Non-Proteinogenic Amino Acid β-N-Methylamino-L-Alanine (BMAA): Bioactivity and Ecological Significance

Abstract

Research interest in a non-protein amino acid β-N-methylamino-L-alanine (BMAA) arose due to the discovery of a connection between exposure to BMAA and the occurrence of neurodegenerative diseases. Previous reviews on this topic either considered BMAA as a risk factor for neurodegenerative diseases or focused on the problems of detecting BMAA in various environmental samples. Our review is devoted to a wide range of fundamental biological problems related to BMAA, including the molecular mechanisms of biological activity of BMAA and the complex relationships between producers of BMAA and the environment in various natural ecosystems. At the beginning, we briefly recall the most important facts about the producers of BMAA (cyanobacteria, microalgae, and bacteria), the pathways of BMAA biosynthesis, and reliable methods of identification of BMAA. The main distinctive feature of our review is a detailed examination of the molecular mechanisms underlying the toxicity of BMAA to living cells. A brand new aspect, not previously discussed in any reviews, is the effect of BMAA on cyanobacterial cells. These recent studies, conducted using transcriptomics and proteomics, revealed potent regulatory effects of BMAA on the basic metabolism and cell development of these ancient photoautotrophic prokaryotes. Exogenous BMAA strongly influences cell differentiation and primary metabolic processes in cyanobacteria, such as nitrogen fixation, photosynthesis, carbon fixation, and various biosynthetic processes involving 2-oxoglutarate and glutamate. Cyanobacteria were found to be more sensitive to exogenous BMAA under nitrogen-limited growth conditions. We suggest a hypothesis that this toxic diaminoacid can be used by phytoplankton organisms as a possible allelopathic tool for controlling the population of cyanobacterial cells during a period of intense competition for nitrogen and other resources in various ecosystems.
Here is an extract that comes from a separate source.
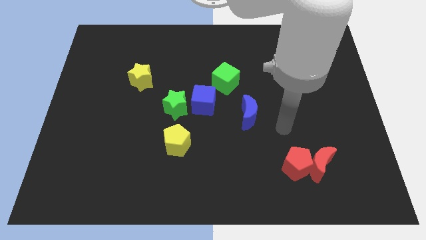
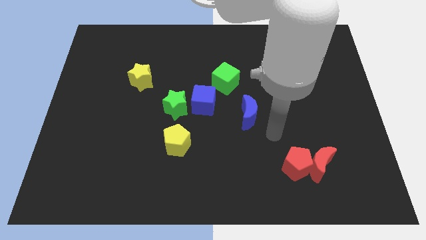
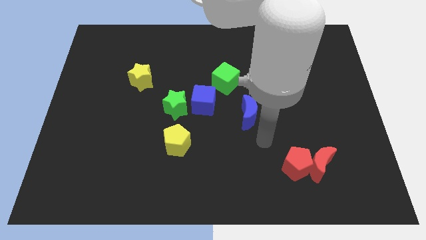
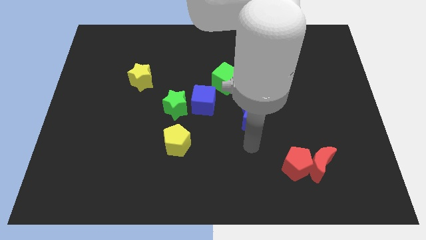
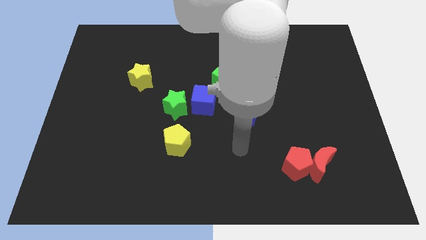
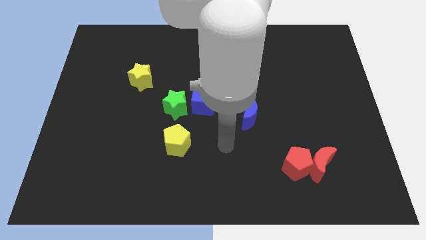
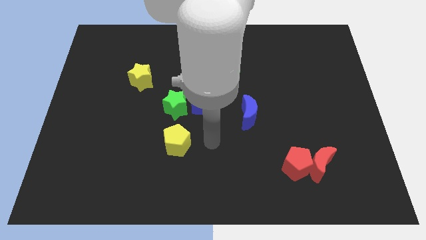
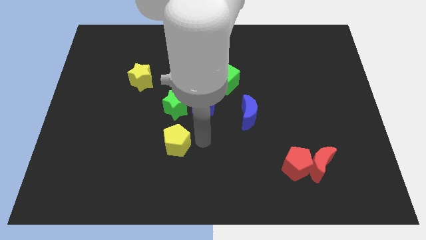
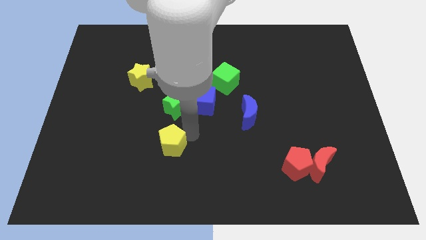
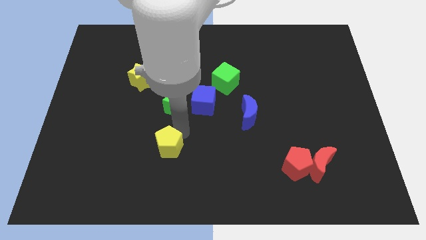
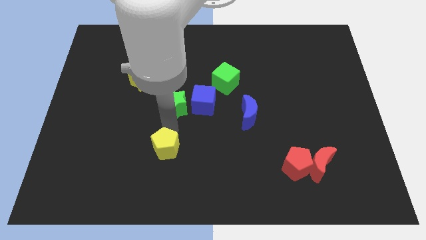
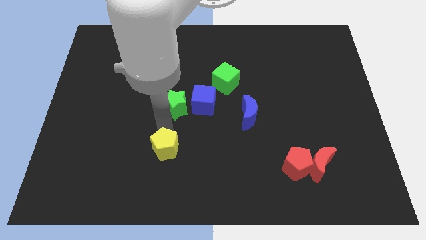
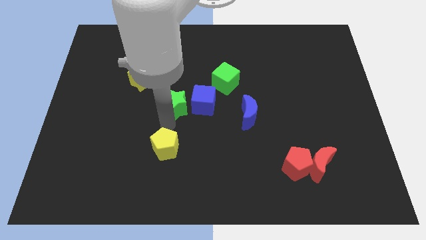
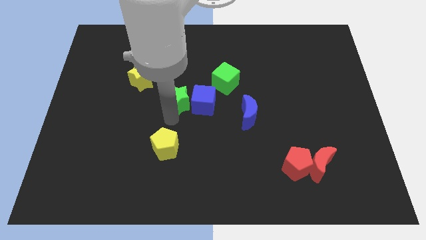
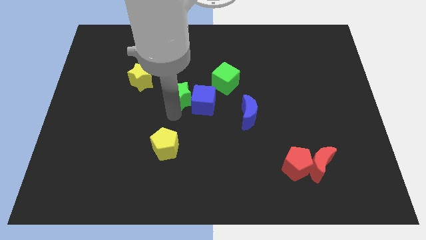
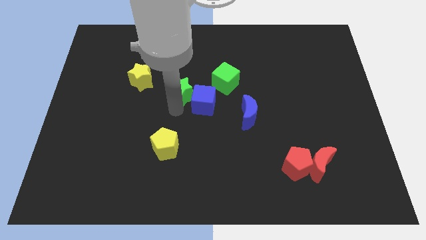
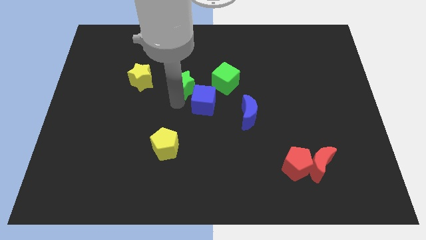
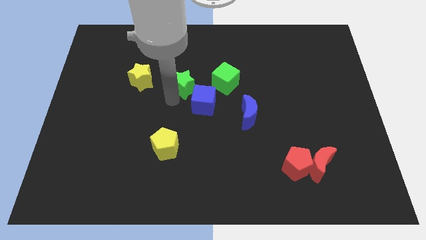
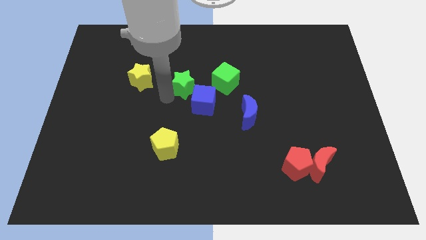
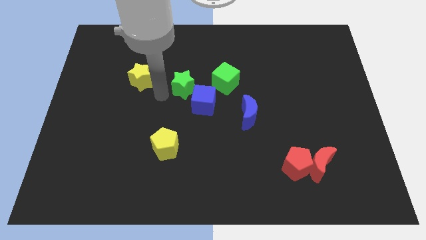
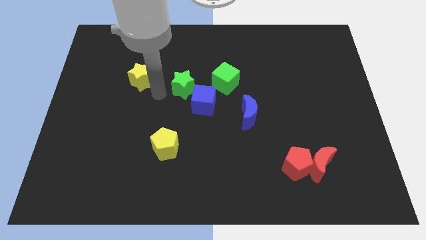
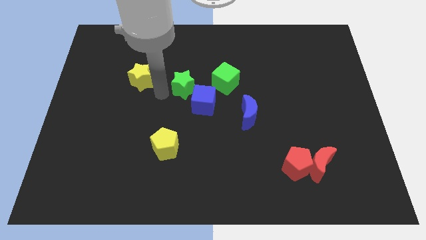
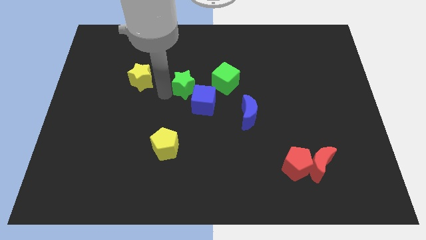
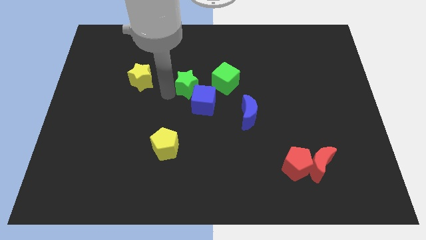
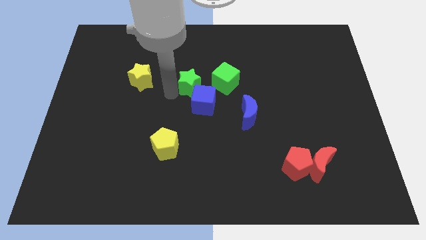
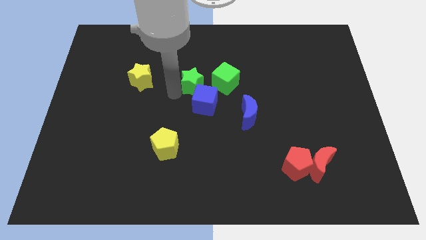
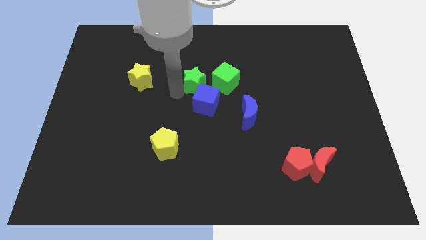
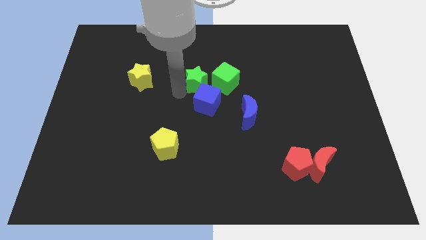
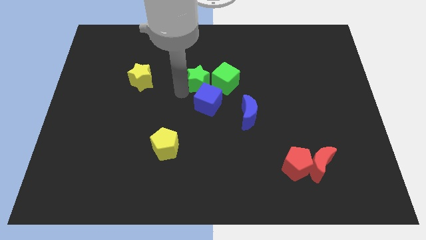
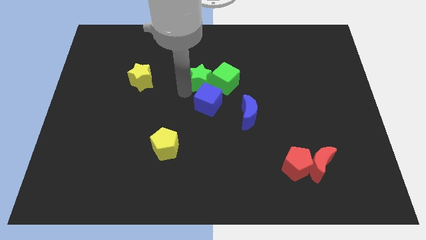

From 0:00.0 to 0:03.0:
push the green star towards the green cube

Keywords: LC-MS/MS; algae; cyanobacteria; diatoms; glutamate receptors; nitrogen metabolism; oxidative stress; photosynthesis; proteomics; toxic molecules.

Figure 1

This diagram shows the bioaccumulation pathways of BMAA.

Figure 2

Antimicrobial peptides (galantin (a) and paenilamicins (b,c)), which include BMAA (modified figure from [14]).

Figure 3

The scheme shows the effects of BMAA on model species of animals and plants, as well as cyanobacteria and diatoms.

Figure 4

Illustration of the regulatory effect of BMAA on cell differentiation and nitrogenase activity in diazotrophic cyanobacteria under various growth conditions [109]. BMAA up-regulates protein PII in nitrogen-replete conditions [108] and down-regulates protein PII in conditions of nitrogen starvation [107]. In mature heterocysts BMAA strongly inhibits the expression of the nifH gene in diazotrophic-growth conditions [105].

Figure 5

The effect of BMAA on various proteins in the cells of cyanobacteria Nostoc sp. PCC 7120 in nitrogen-replete conditions (A) and under conditions of nitrogen starvation (B). The light-blue arrows represent interactions between regulatory proteins PII and NicA and their main protein partners [173]. The red arrows indicate the downregulation of proteins and processes (↓), and the blue arrows indicate the upregulation of proteins and processes (↑) (modified figure from [107,108]).

Figure 6

Illustration of the “allelopathic tool” hypothesis. BMAA can be used in the fight for organic nitrogen [109].